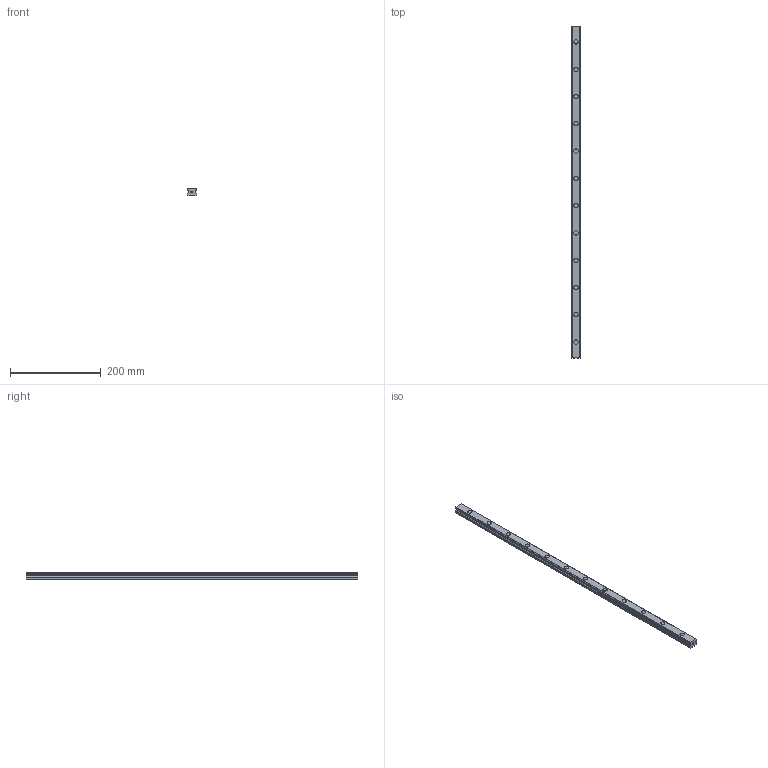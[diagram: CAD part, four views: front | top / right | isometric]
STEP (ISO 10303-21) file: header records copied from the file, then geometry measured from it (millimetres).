
FILE_DESCRIPTION(('STEP AP214'),'1');
FILE_NAME('cctmp_0FF4DA1F-E349-44EC-8472-552D99DE4564_2021_02_04_11_38_56_0722..stp','2021-02-04T10:38:56',('HIWIN GmbH'),('CADClick - www.CADClick.com'),'Spatial InterOp 3D',' ','unknown authorization');
FILE_SCHEMA(('AUTOMOTIVE_DESIGN'));
Length unit declared in the file: millimetre
Products named in the file (1): EGR20R730C_FILE
Bounding box: 20 x 730 x 15.5 mm (x, y, z)
Volume: 196017.9 mm3; surface area: 58721.4 mm2
Topology: 1 solids, 1 shells, 247 faces, 603 edges, 386 vertices
Faces by surface type: plane 157, cylinder 90
Entity records: 9261 total; most frequent: DIRECTION 1327, CARTESIAN_POINT 1237, ORIENTED_EDGE 1206, EDGE_CURVE 603, AXIS2_PLACEMENT_3D 476, VERTEX_POINT 386, LINE 375, VECTOR 375

• • • • • • •

— ACTION ITEM —
Your answer must be a verbatim copy of the entries above, with no images included.

— SOLUTION FOR THIS TASK —
[diagram: CAD part, four views: front | top / right | isometric]
STEP (ISO 10303-21) file: header records copied from the file, then geometry measured from it (millimetres).
FILE_DESCRIPTION(('STEP AP214'),'1');
FILE_NAME('cctmp_0FF4DA1F-E349-44EC-8472-552D99DE4564_2021_02_04_11_38_56_0722..stp','2021-02-04T10:38:56',('HIWIN GmbH'),('CADClick - www.CADClick.com'),'Spatial InterOp 3D',' ','unknown authorization');
FILE_SCHEMA(('AUTOMOTIVE_DESIGN'));
Length unit declared in the file: millimetre
Products named in the file (1): EGR20R730C_FILE
Bounding box: 20 x 730 x 15.5 mm (x, y, z)
Volume: 196017.9 mm3; surface area: 58721.4 mm2
Topology: 1 solids, 1 shells, 247 faces, 603 edges, 386 vertices
Faces by surface type: plane 157, cylinder 90
Entity records: 9261 total; most frequent: DIRECTION 1327, CARTESIAN_POINT 1237, ORIENTED_EDGE 1206, EDGE_CURVE 603, AXIS2_PLACEMENT_3D 476, VERTEX_POINT 386, LINE 375, VECTOR 375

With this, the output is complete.